Before Mana could reply, she was pulled into the room. The women screamed but Osa held her sisters back as they watched their mother’s body begin to twist and turn and tear apart while their mother wailed in pain.

Toso cried and held on to Osa till their mother was torn to shreds and her flesh began to arrange itself, melding with the bones and remains that had been on the floor.

As everything around them settled, a young, naked woman stood before them, her body was covered in dust and specks of dried blood and her hair was a disheveled mess of kinks.

“Nu midi o muha,” the woman said in a scratchy voice. I recognize your blood. “Oseki o gbo midi.” The blood of my enemy, Oseki.

Osa moved her sisters further away from Seneseba as the woman’s eyes tracked their movements. Their mother was gone. It was Osa’s job to keep them safe. Out of every possible outcome, Osa hadn’t seen this coming. All the other families betrayed the witness. They put her in a tomb. But Oseki freed her. She was supposed to be an ally. How could she just kill Mana without thought?

“O dung gbo,” Osa said, covering her sisters from the woman. We are not your enemy.

“Egong mana?” Ifiso asked. Where is our mother? Ifiso picked up the can of kerosene by the table.

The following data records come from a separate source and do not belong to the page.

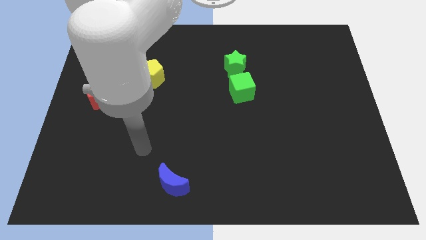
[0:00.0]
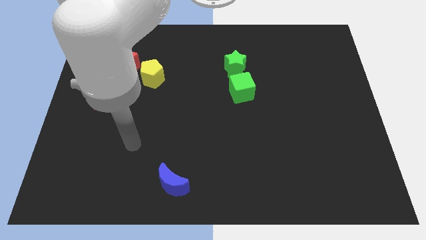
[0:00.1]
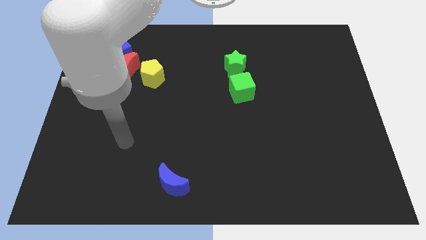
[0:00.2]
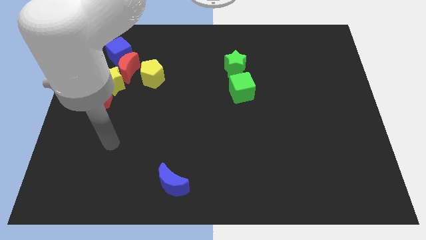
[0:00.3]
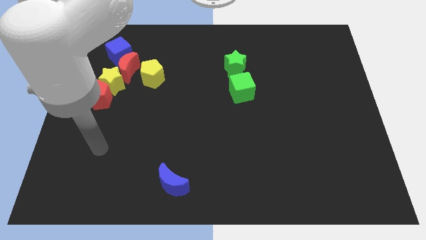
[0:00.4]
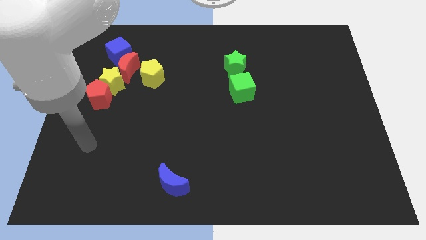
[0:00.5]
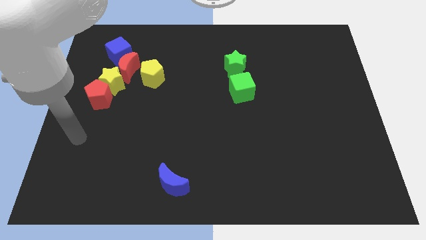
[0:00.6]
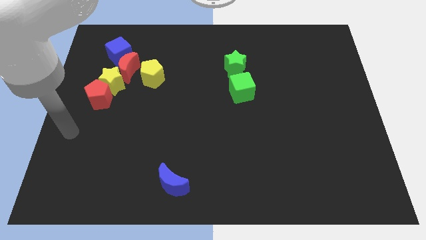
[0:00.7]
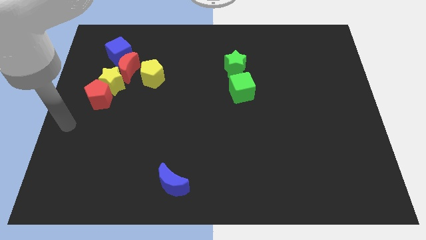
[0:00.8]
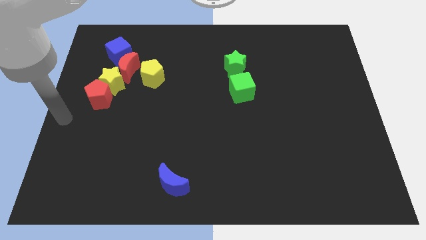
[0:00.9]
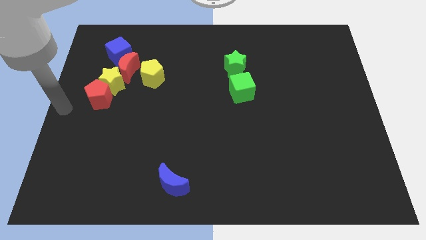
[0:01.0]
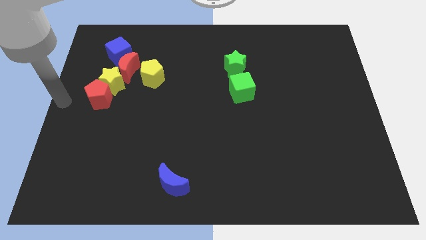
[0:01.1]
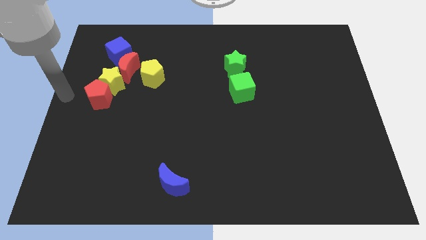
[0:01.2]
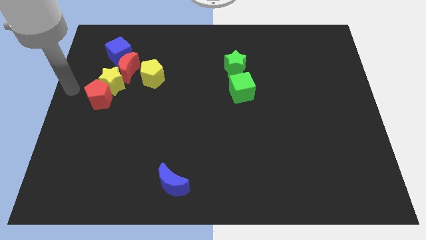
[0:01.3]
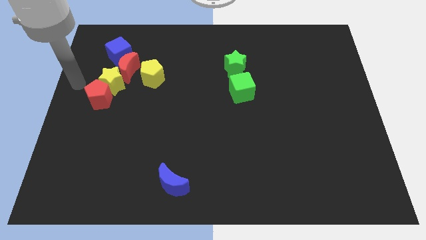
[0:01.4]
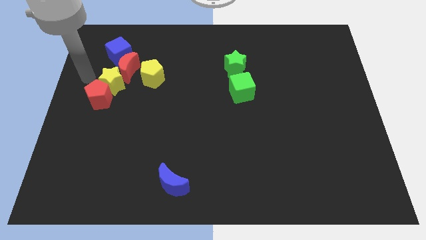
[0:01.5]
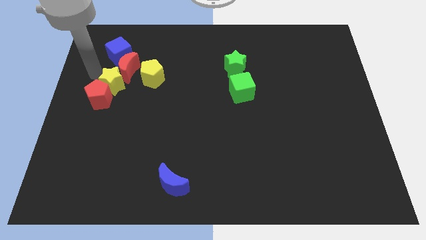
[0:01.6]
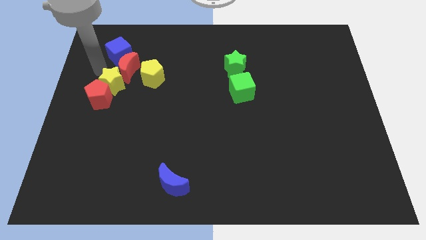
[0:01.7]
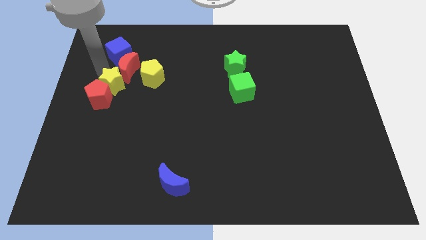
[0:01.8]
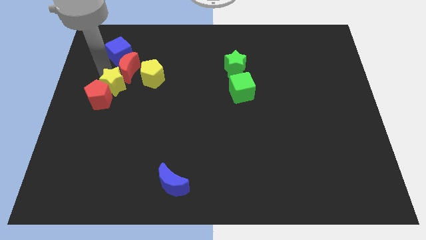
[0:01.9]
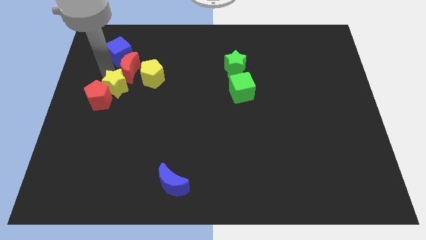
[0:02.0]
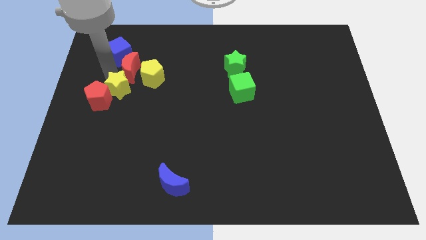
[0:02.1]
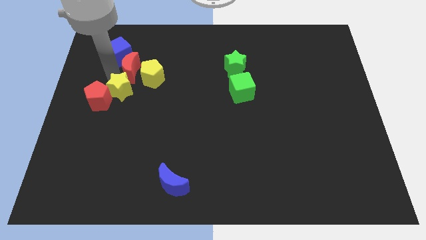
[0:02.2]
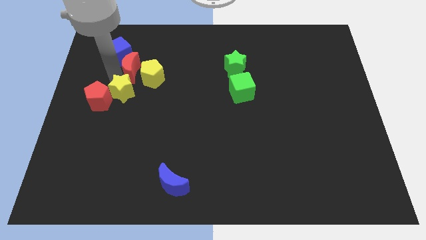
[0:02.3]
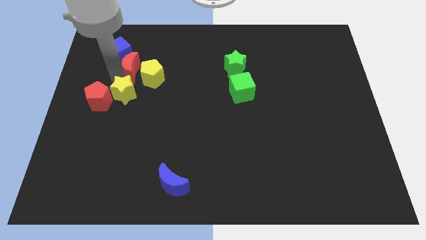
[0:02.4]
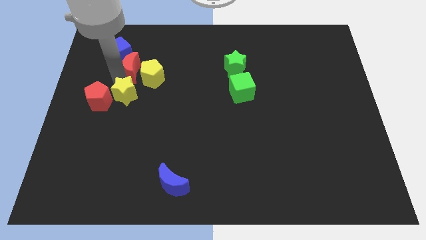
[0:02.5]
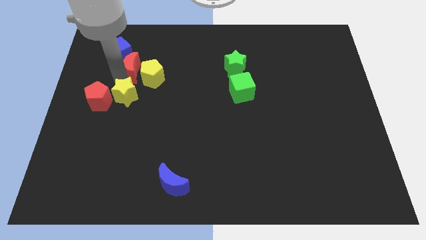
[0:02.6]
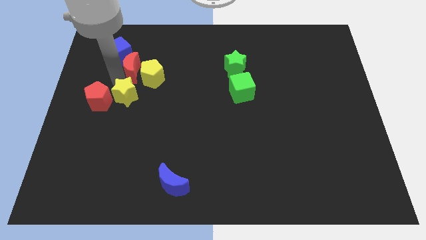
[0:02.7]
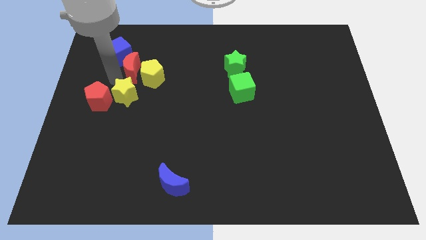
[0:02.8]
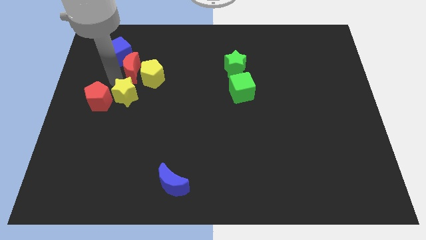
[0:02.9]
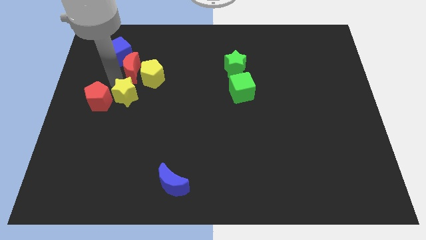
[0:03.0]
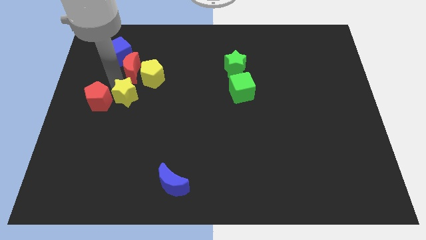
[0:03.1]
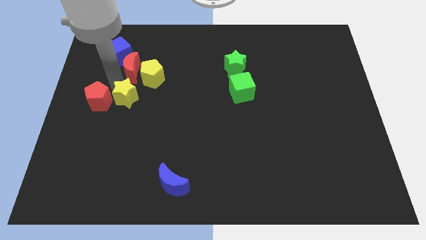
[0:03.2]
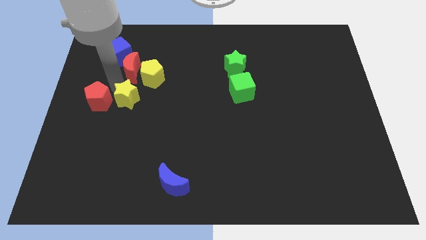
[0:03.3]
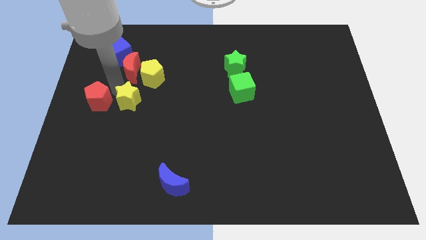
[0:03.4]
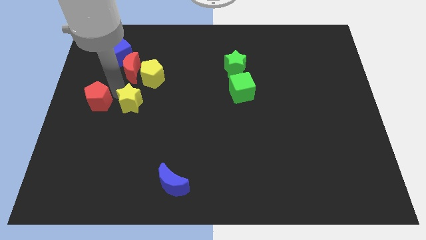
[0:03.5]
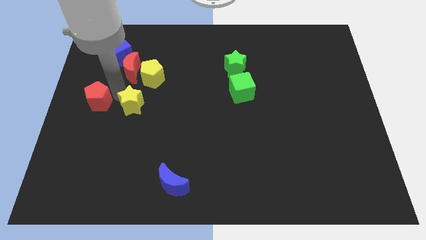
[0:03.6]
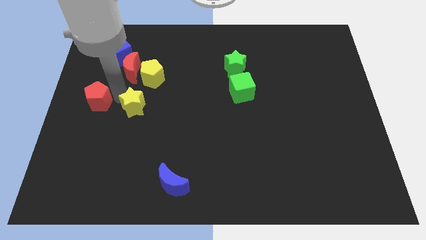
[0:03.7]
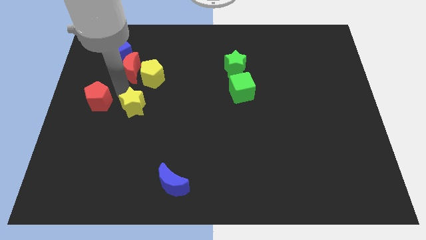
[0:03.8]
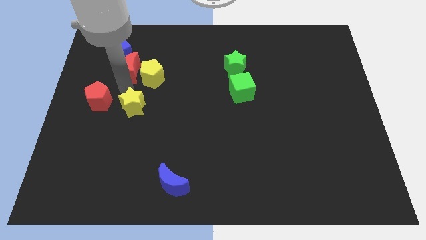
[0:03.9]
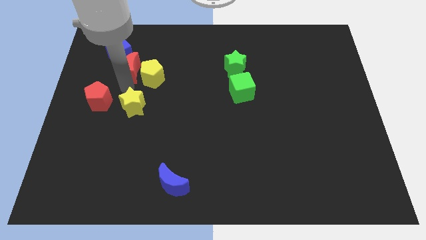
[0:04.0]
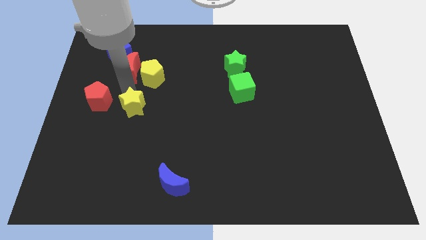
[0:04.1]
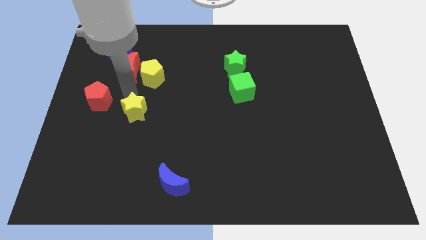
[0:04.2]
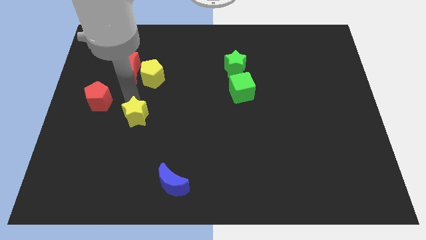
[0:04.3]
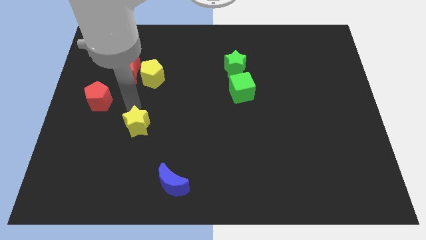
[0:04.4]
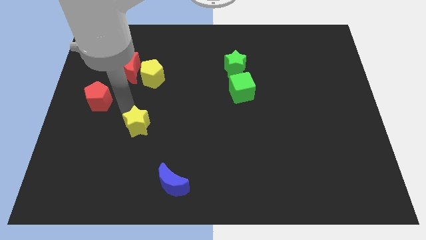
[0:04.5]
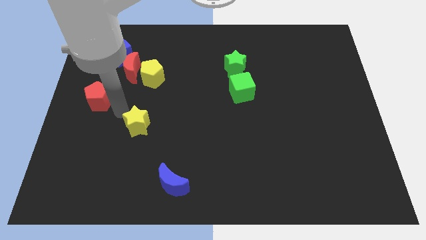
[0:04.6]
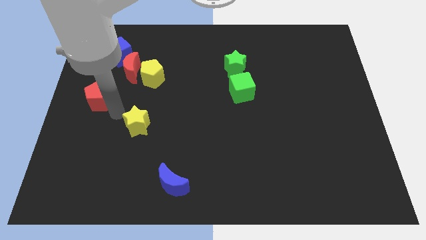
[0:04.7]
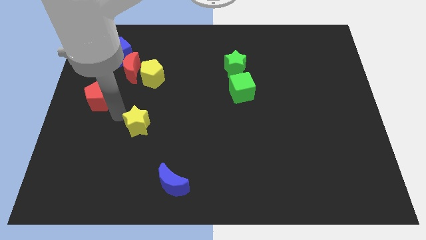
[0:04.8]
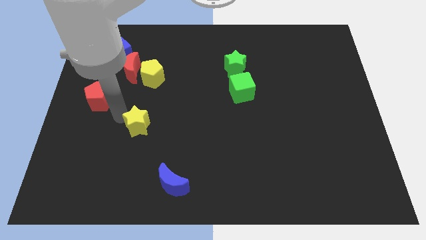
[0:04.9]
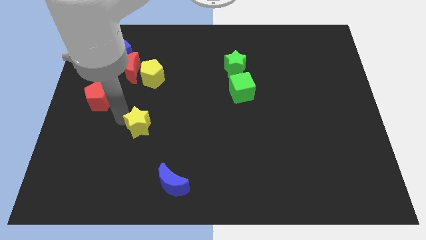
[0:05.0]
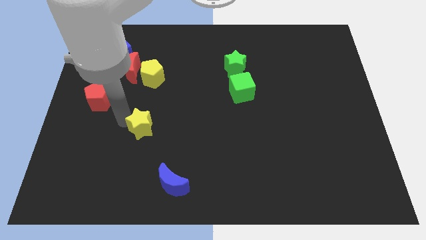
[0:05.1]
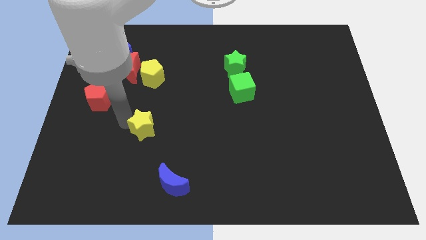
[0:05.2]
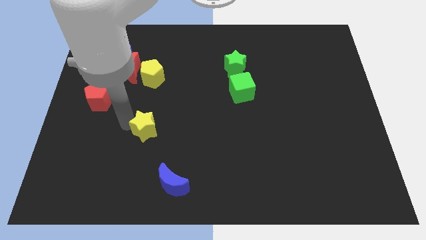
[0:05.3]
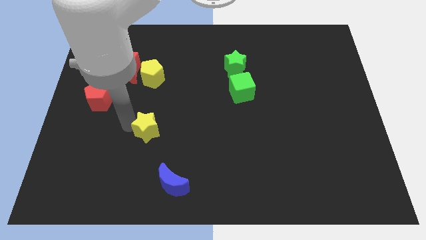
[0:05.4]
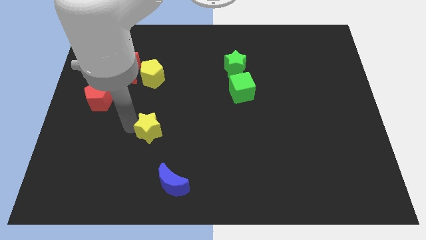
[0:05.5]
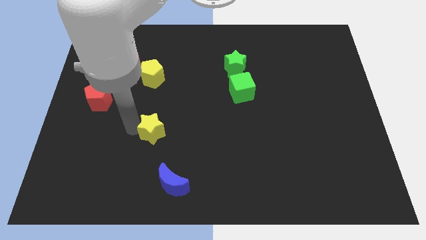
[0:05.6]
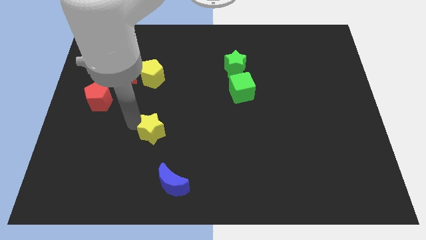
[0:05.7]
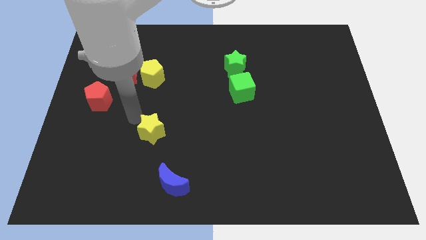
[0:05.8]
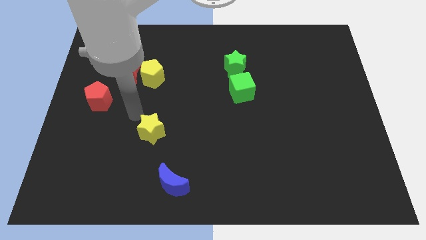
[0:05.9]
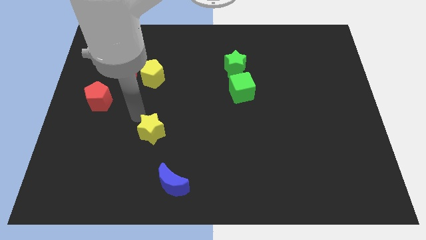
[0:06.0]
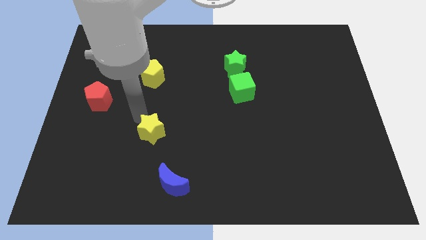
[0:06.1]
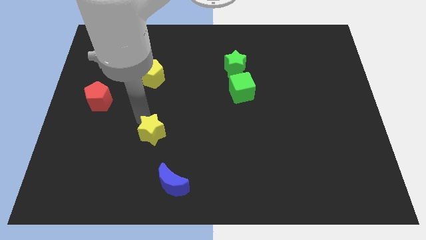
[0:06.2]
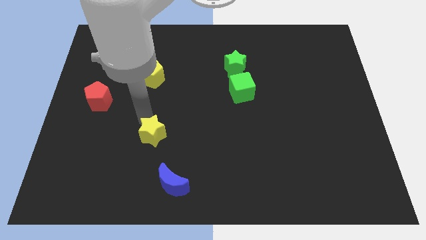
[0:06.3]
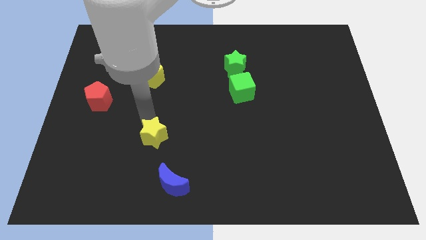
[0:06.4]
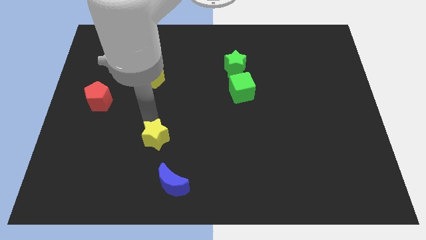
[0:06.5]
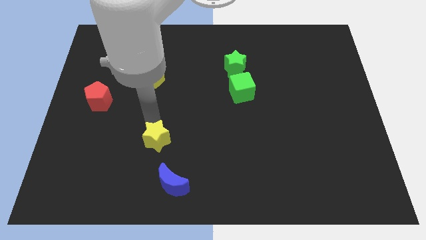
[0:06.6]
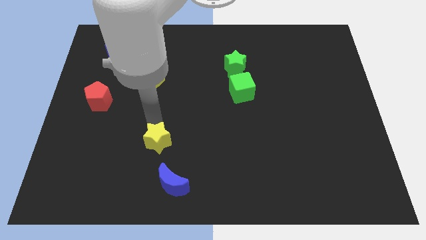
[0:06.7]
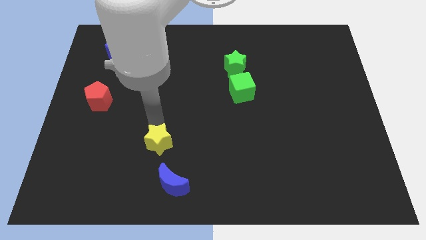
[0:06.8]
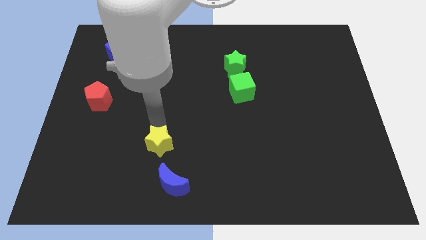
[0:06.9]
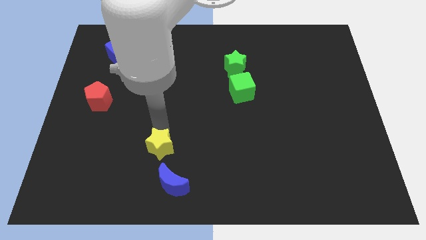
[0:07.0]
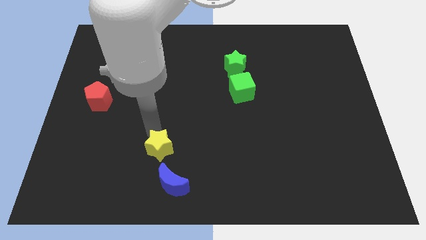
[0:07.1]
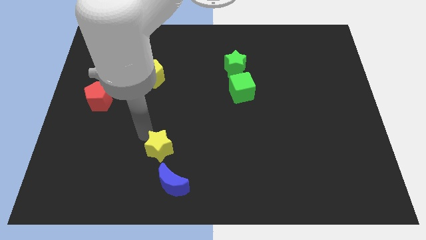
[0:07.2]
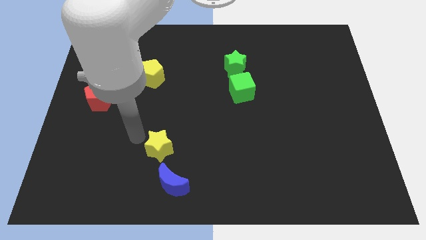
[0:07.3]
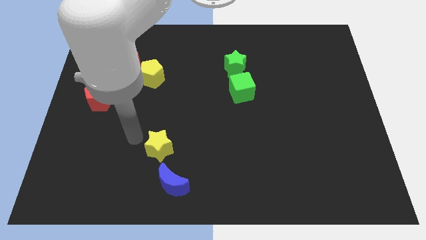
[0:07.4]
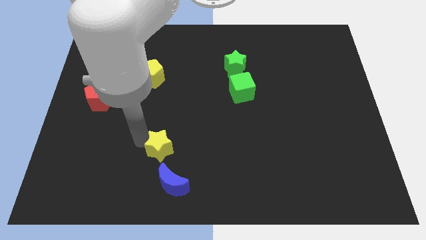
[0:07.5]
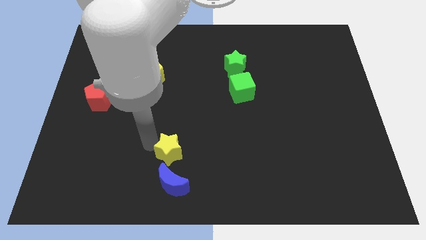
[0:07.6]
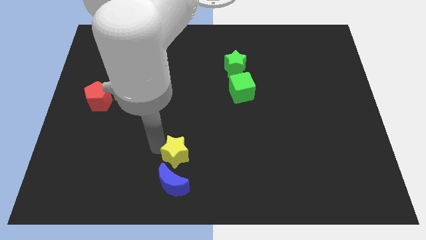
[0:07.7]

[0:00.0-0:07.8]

The woman eyed the can of kerosene. Almost as if she knew what it was. She approached Ifiso with vengeance, and Osa blocked her path. With one slap, the woman sent Osa flying across the tunnel and into the wall.

“Toso, get the matches!” Ifiso said in English and the woman stopped, confused by Ifiso’s words.

Toso grabbed the box of matches on the small stool, just as Ifiso opened the can and poured the kerosene. Toso lit a stick and tossed it at the woman who screamed as her skin lit on fire.

Screaming in agony, she trashed around the room, spreading the fire to Mana’s books and scrolls as the place began to burn up.

Toso and Ifiso, each, grabbed an arm of Osa as they carried her out of the tunnel.

“What the hell was that?” Toso cried, placing Osa at the back of Ifiso’s truck as Ifiso got into the driver’s seat and reversed out of the clearing.

“I’m...” Osa began. “I’m all right.” Osa sat up. Toso shifted back from her. Osa checked her back pocket for her phone but the screen was cracked. It had broken when she fell. “Do any of you have Dr. Mowung’s number?”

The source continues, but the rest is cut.